According to Barbara Ehrenreich, positive thinking has become a worldwide industry, even a religion. Setting off on a lengthy investigation of motivational speakers and TV preachers, she has uncovered some disturbing facts about how pervasive the deceptive practices have become in America, for export to the world. The book THE SECRET was an international bestseller, although claims that the techniques described would invoke the "law of attraction" via quantum mechanics was dismissed by Scientific American magazine as "bunk." Evangelist Joel Osteen has had many mega bestsellers, yet his entire message is a repetitive invocation of positive thoughts as a way to change one's situation, while garnering for himself the riches his followers seldom achieve. "Sin is almost never mentioned," she says of these TV 'preachers' who tailor their 'sermons' for the biggest audiences they can get, and whose 'churches' seldom display traditional Christian religious artifacts.
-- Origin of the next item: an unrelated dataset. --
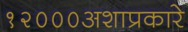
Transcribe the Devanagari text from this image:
१२०००अशाप्रकारे

More interested in paradise now (for themselves), they tell their listeners that if they truly believe in themselves they will have everything they want. "If you're in pain, or living on the edge, this is a powerful message," Ehrenreich points out, "unfortunately, the world doesn't work like that." Certainly self confidence is important, Ehrenreich admits, but wish fulfillment is not the job of "the universe" any more than it is the Easter Bunny's. "You have to actually study, learn skills, and develop as a person." To simply think positive thoughts only conjures the phrase, "the road to hell is paved with good intensions," especially for those who continue watching TV while eating junk food and visualizing unsustainable, environmentally toxic status symbol products. The implications of this book are apparent in the subtitle: How The Relentless Promotion of Positive Thinking Has Undermined America. And since all of these prosperity gospel preachers and motivational speakers and life coaches played a part in creating the real estate bubble and amassing the worst consumer debt in history, BRIGHT-SIDED is one of the most eye-and-ear opening books of the year, focused on replacing blind optimism with hopeful realism.